Elizabeth Bradley, associate professor in the Department of Epidemiology and Public Health at the School of Medicine, and Dr. Barbara Kazmierczak, assistant professor of internal medicine/infectious diseases and microbial pathogenesis, received 2002 Donaghue Investigator Program awards, which will provide them with about $100,000 annually for up to five years of study.

The award is a Connecticut-focused program aimed at supporting particularly promising medical and public health researchers committed to academic and other nonprofit research institutions and organizations in the state. The funding emphasis is on the investigator and the program of research, rather than on a specific study.

Bradley's research seeks to identify "best practices" in successful hospitals around the country and in Connecticut, with a focus on patients with heart problems. Bradley is working with a team of experts in cardiology, quality improvement, organizational behavior and statistics to compare different hospital-based strategies to enhance quality of care. She will also use the funding to disseminate the research findings to local hospitals and the public to ensure practical benefits for patients.

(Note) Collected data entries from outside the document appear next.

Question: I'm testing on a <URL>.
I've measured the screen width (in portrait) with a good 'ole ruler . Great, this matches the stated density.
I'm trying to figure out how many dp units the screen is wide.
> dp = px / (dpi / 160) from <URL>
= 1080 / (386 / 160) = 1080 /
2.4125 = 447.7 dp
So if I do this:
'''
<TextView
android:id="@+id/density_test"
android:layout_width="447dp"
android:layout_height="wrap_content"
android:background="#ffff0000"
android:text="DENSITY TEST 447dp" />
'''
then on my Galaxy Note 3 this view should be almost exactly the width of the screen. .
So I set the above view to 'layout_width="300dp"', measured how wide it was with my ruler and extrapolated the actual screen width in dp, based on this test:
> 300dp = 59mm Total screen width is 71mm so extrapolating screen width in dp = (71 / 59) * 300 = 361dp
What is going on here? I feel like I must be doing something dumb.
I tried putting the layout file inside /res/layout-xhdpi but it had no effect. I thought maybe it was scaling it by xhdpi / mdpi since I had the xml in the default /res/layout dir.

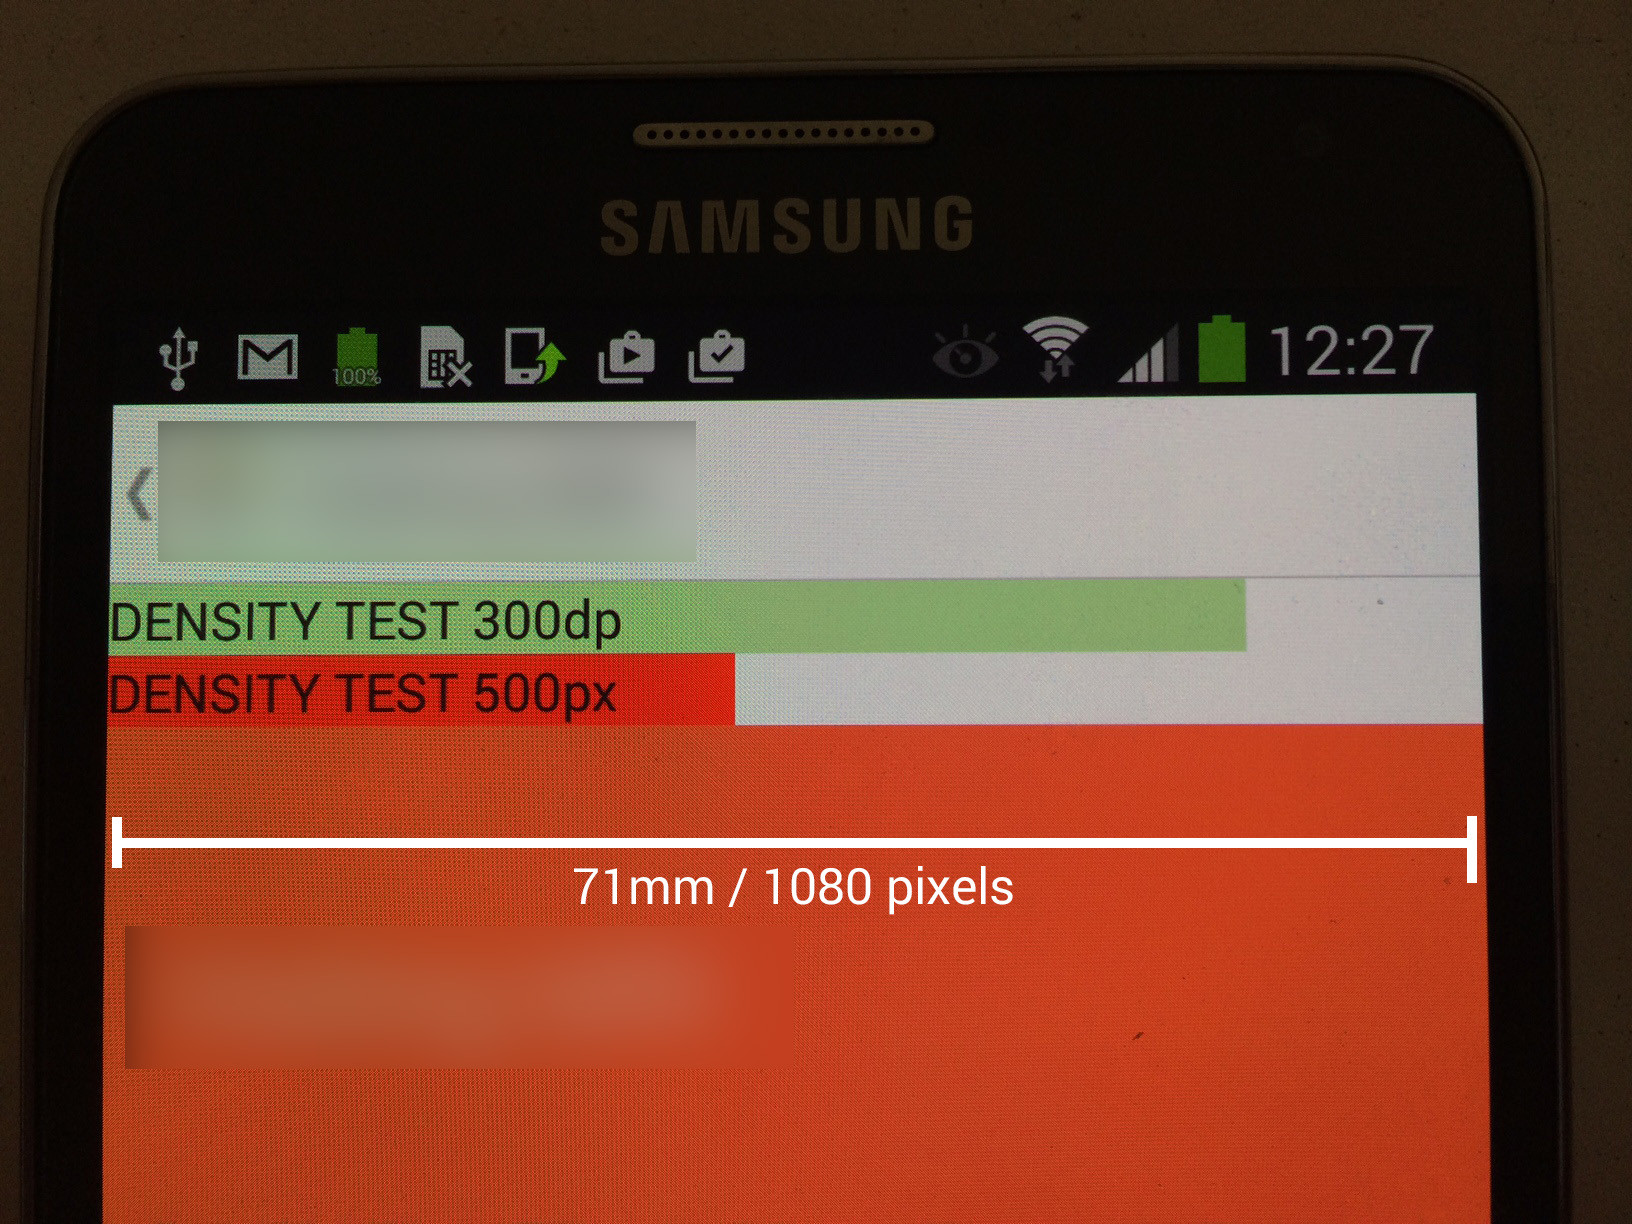
Answer: The actual pixel size is calculated based on dp, but not as accurate as the formula dp = px / (dpi / 160) does. Indeed, it first determines the screen density (ldpp, mdph, hdpi, xhdpi, xxhdpi, xxxhdpi) and using that density to get one ratio from {0.75, 1.0, 1.5, 2.0, 3.0, (4.0)}.
In you case, the system deems 386dpi as xxhdpi, so it calculates the value by multiplying 3.0, and 360dp would exactly fill the width of your screen (1080p)

"We invest enormous resources in this country developing guidelines for the best care possible for patients," says Bradley. "If successful, our research will reveal how best to adopt this research evidence into clinical practice, at the hospital level where patients receive care."

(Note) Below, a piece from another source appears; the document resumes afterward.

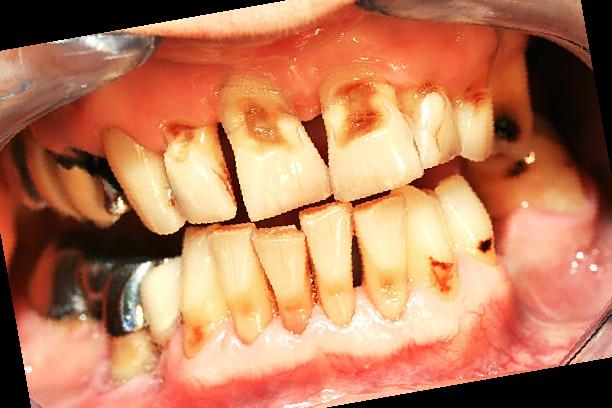
Condition: Gingivitis

Kazmierczak's research is focused on how human cells respond to disease-causing bacteria. She plans to assess how epithelial cells that line the respiratory and gastrointestinal tracts contribute to sensing the presence of pathogenic bacteria and to organizing an immediate immune response to these organisms. She is particularly interested in learning why these protective responses fail in certain individuals, thus enabling opportunistic pathogens to cause serious infections in hospitalized patients with compromised immune systems.

"The long-term support of the Donaghue Research Foundation allows us to ask difficult research questions that may not yield easy or quick answers, but whose solution is nonetheless fundamental to improving how we care for patients at high risk for opportunistic infections," said Kazmierczak.

The Donaghue Medical Research Foundation is located in West Hartford, Connecticut, and funds medical research projects in the state that promote medical knowledge of practical benefit to human health.